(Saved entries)
*-*-*

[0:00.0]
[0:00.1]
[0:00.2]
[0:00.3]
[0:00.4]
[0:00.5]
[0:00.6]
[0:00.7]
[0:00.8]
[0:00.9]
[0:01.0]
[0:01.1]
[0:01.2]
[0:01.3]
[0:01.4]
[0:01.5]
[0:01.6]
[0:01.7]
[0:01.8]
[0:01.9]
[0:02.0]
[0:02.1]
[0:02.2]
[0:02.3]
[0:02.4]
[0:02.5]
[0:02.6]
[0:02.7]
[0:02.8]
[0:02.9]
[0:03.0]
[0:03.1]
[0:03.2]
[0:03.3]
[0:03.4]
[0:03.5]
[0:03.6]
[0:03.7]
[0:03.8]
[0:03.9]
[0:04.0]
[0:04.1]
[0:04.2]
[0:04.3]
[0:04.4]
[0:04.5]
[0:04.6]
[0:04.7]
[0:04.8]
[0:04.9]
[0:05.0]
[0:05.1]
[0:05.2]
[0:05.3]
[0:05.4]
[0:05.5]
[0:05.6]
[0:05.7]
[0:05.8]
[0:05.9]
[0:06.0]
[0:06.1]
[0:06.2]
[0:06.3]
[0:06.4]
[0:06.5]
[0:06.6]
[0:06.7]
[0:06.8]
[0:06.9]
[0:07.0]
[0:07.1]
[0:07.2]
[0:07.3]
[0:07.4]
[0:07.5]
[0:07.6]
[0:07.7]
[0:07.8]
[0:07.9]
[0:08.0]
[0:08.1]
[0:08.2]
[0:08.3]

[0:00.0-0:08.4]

*-*-*

* [Task to complete]:
With no alteration of any kind, give the data again in full.

* [Finished exercise]:
[0:00.0]
[0:00.1]
[0:00.2]
[0:00.3]
[0:00.4]
[0:00.5]
[0:00.6]
[0:00.7]
[0:00.8]
[0:00.9]
[0:01.0]
[0:01.1]
[0:01.2]
[0:01.3]
[0:01.4]
[0:01.5]
[0:01.6]
[0:01.7]
[0:01.8]
[0:01.9]
[0:02.0]
[0:02.1]
[0:02.2]
[0:02.3]
[0:02.4]
[0:02.5]
[0:02.6]
[0:02.7]
[0:02.8]
[0:02.9]
[0:03.0]
[0:03.1]
[0:03.2]
[0:03.3]
[0:03.4]
[0:03.5]
[0:03.6]
[0:03.7]
[0:03.8]
[0:03.9]
[0:04.0]
[0:04.1]
[0:04.2]
[0:04.3]
[0:04.4]
[0:04.5]
[0:04.6]
[0:04.7]
[0:04.8]
[0:04.9]
[0:05.0]
[0:05.1]
[0:05.2]
[0:05.3]
[0:05.4]
[0:05.5]
[0:05.6]
[0:05.7]
[0:05.8]
[0:05.9]
[0:06.0]
[0:06.1]
[0:06.2]
[0:06.3]
[0:06.4]
[0:06.5]
[0:06.6]
[0:06.7]
[0:06.8]
[0:06.9]
[0:07.0]
[0:07.1]
[0:07.2]
[0:07.3]
[0:07.4]
[0:07.5]
[0:07.6]
[0:07.7]
[0:07.8]
[0:07.9]
[0:08.0]
[0:08.1]
[0:08.2]
[0:08.3]

[0:00.0-0:08.4]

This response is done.